Halatau recalled Marshall speaking at the club’s pre-season launch, and how the players had completed a gruelling pre-season in the hope of toughening them up, especially mentally.
It’s been a lean run between premierships for Benji Marshall and the Tigers.Credit: Getty Images
“In the last five to 10 years, there has been a real lack of edge to the Tigers,” Halatau says. “There were games they should have won, and even some soft performances. I was there for a part of it towards the end of my career.
“I think they felt like they needed to harden up a bit. Benji was an attacking player and someone everyone expected to have flair in the teams [he has coached], but he made sure he toughened them up and had that hard edge.

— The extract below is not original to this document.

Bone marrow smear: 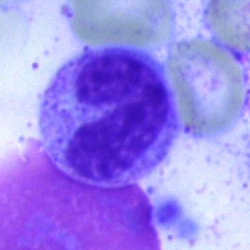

“The obvious thing this year has been their competitiveness. Jarome brings a lot of that. Jarome and Api have been a part of that Penrith system and their standards are rubbing off on the others.
“The Fainu brothers [Latui, Samuela and Sione] have been great, Jahream Bula has been a handful when he’s played, and the one who has been the story of the year at the Tigers is Adam Doueihi. We can call him a veteran because he’s been around so long, but he’s led from the front, and he seems like a guy the rest of the team gets around.”
Tigers chief executive Shane Richardson has tasted premiership success with Hull in England, as well as at Penrith and Souths, and said of the feeling in Tiger Town: “I’ve got more optimism here than I’ve ever had anywhere else where I’ve won premierships. I can see more than green shoots. The next step is finals, and from there, who knows.
“As I’ve told Benji, we’re locked in for the journey, and we’ll see how far we can go.”
Tigers fans who gather at the inner-western Sydney ground known as “the Eighth Wonder” on Sunday will just be happy for a win, to continue the momentum they have built in recent weeks.
They are a passionate and patient bunch. Another premiership will happen.
“I think there are really good things coming at the Tigers,” Richards says. “I just hope we’re not waiting another 20 years.”